Synthesis of three tethered trisaccharides to probe entropy contributions in carbohydrate—protein interactions

Crystal structure data show that the branched trisaccharide 1 constitutes the complete antigenic determinant of the Salmonella serogroup B antigen that is recognized by monoclonal antibody SE155.4. In an effort to characterize the entropic costs associated with immobilization of glycosidic torsional angles in the bound state, three distinct intramolecularly tethered analogues of this trisaccharide 2-4 have been synthesized.

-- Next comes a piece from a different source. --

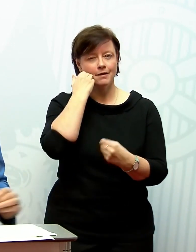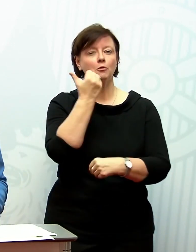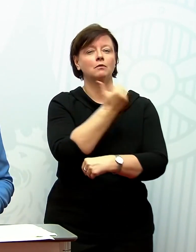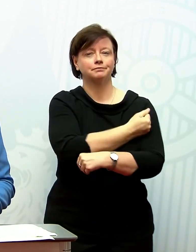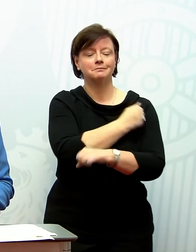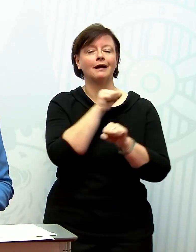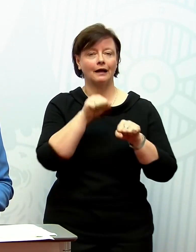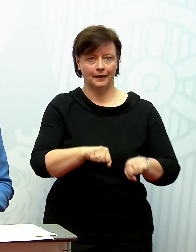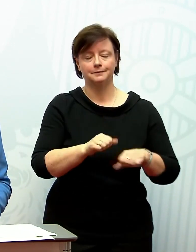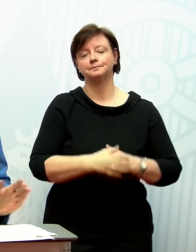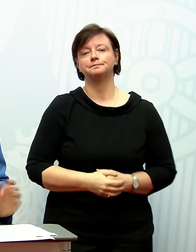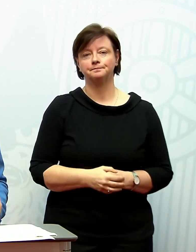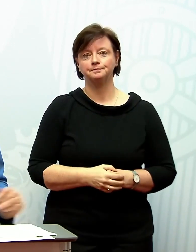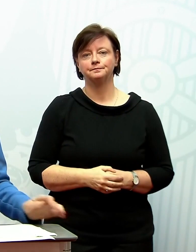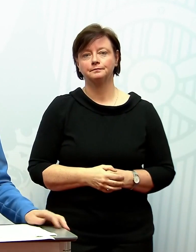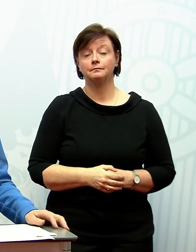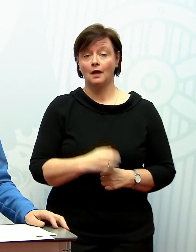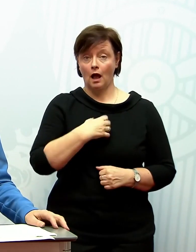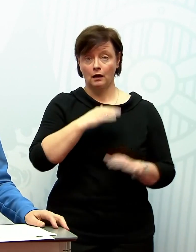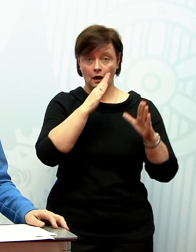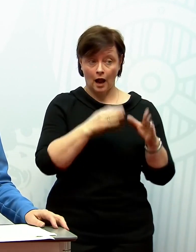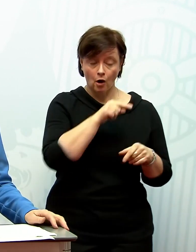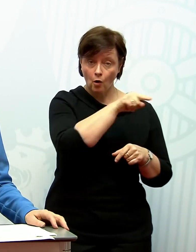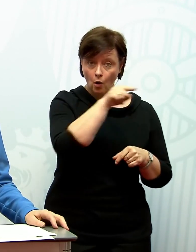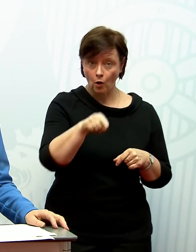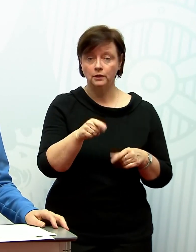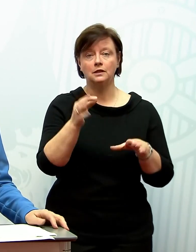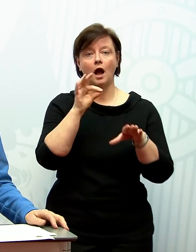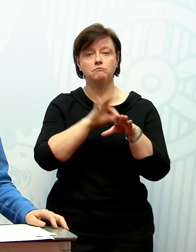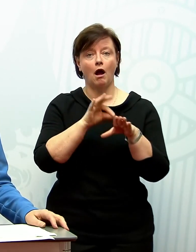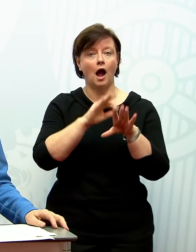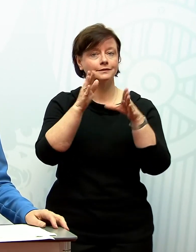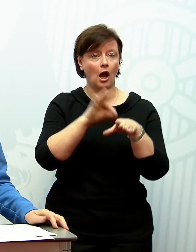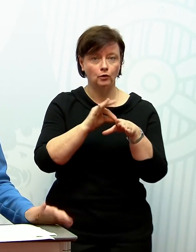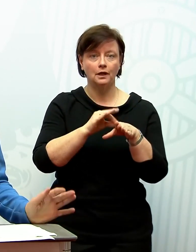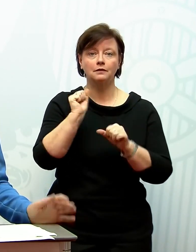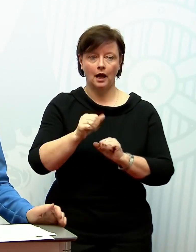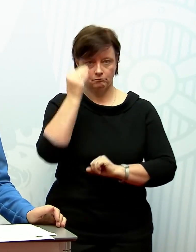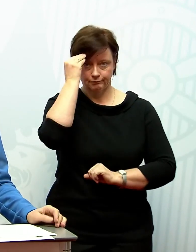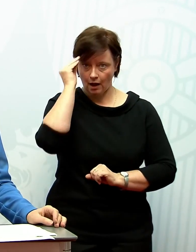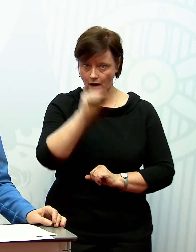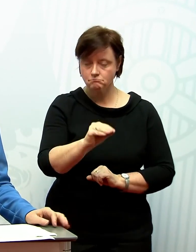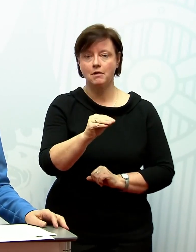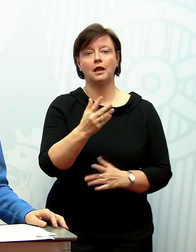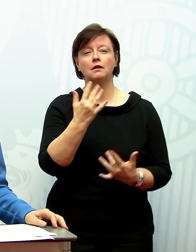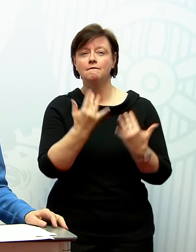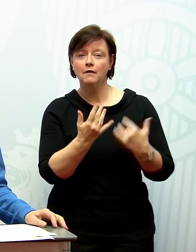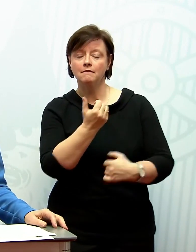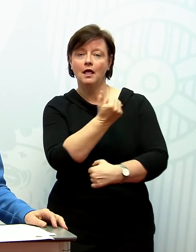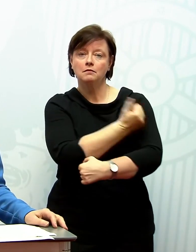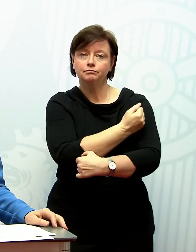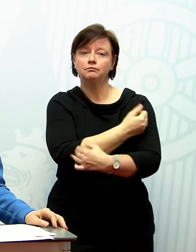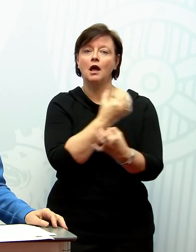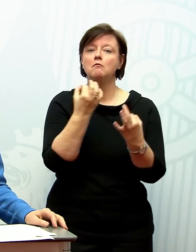in den Impfzentren geimpft werden. Auch die Krankenhäuser und die niedergelassenen Ärzte sollen sich jetzt melden können, wie viele Dosen sie für ihre
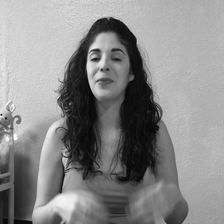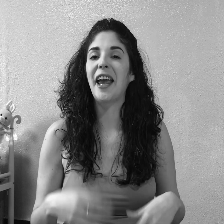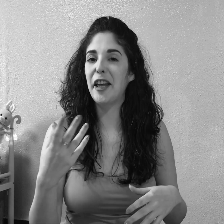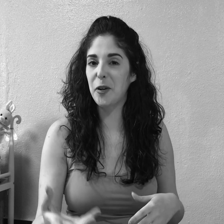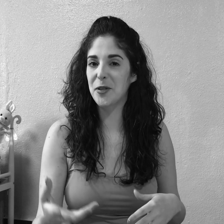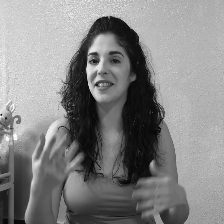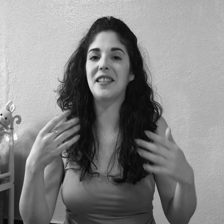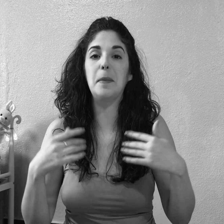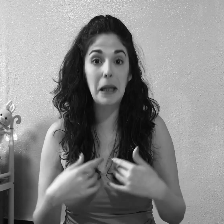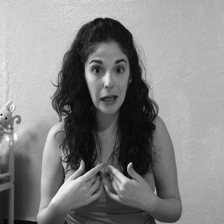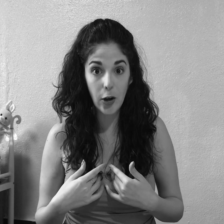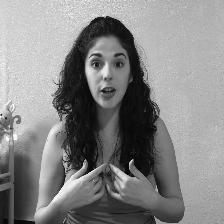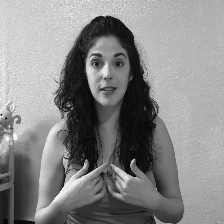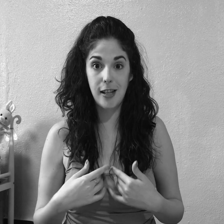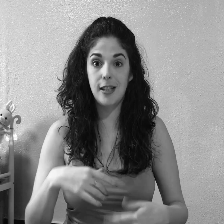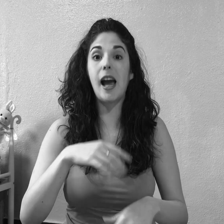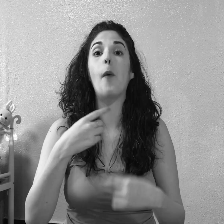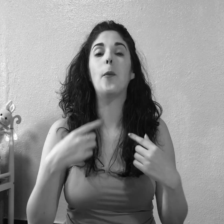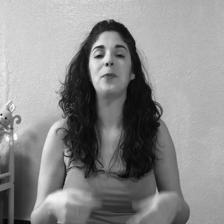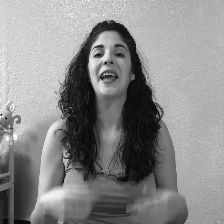Entonces, sí, mi reloj se decía...

Two trisaccharides are tethered by a methylene acetal via the O-2 position of the 3,6-dideoxy-hexose, abequose to either O-2 of galactose ( 2 ) or O-4 of mannose ( 3 ). The third tether, α,α′-di-thio-p-xylene, spans the C-6 atoms of the mannose and galactose residues to create trisaccharide 4 . The acetal tethers of 2 and 3 span hydroxyl centers that are known to be involved in intramolecular sugar-sugar hydrogens bonds, but both trisaccharides are biologically inactive due to distorted conformations that cannot be accommodated in the antibody binding site. Trisaccharide 4 is active since both hydroxymethyl groups of galactose and mannose are solvent exposed in the bound state and the constrained conformation of 4 is virtually superimposable on the bound conformation of 1 . Despite the retained complimentary and significant reduction of torsional flexibility, trisaccharide 4 exhibits a ΔG° = -7.6 kcal mol^?1 compared to ΔG° = -7.1 kcal mol^?1 for 1 . The modest free energy gain for the tethered trisaccharide 4 arises from a small entropy gain (TΔΔS = 0.3 kcal mol^?1) and an even smaller enthalpic change (ΔΔH = -0.2 kcal mol^?1).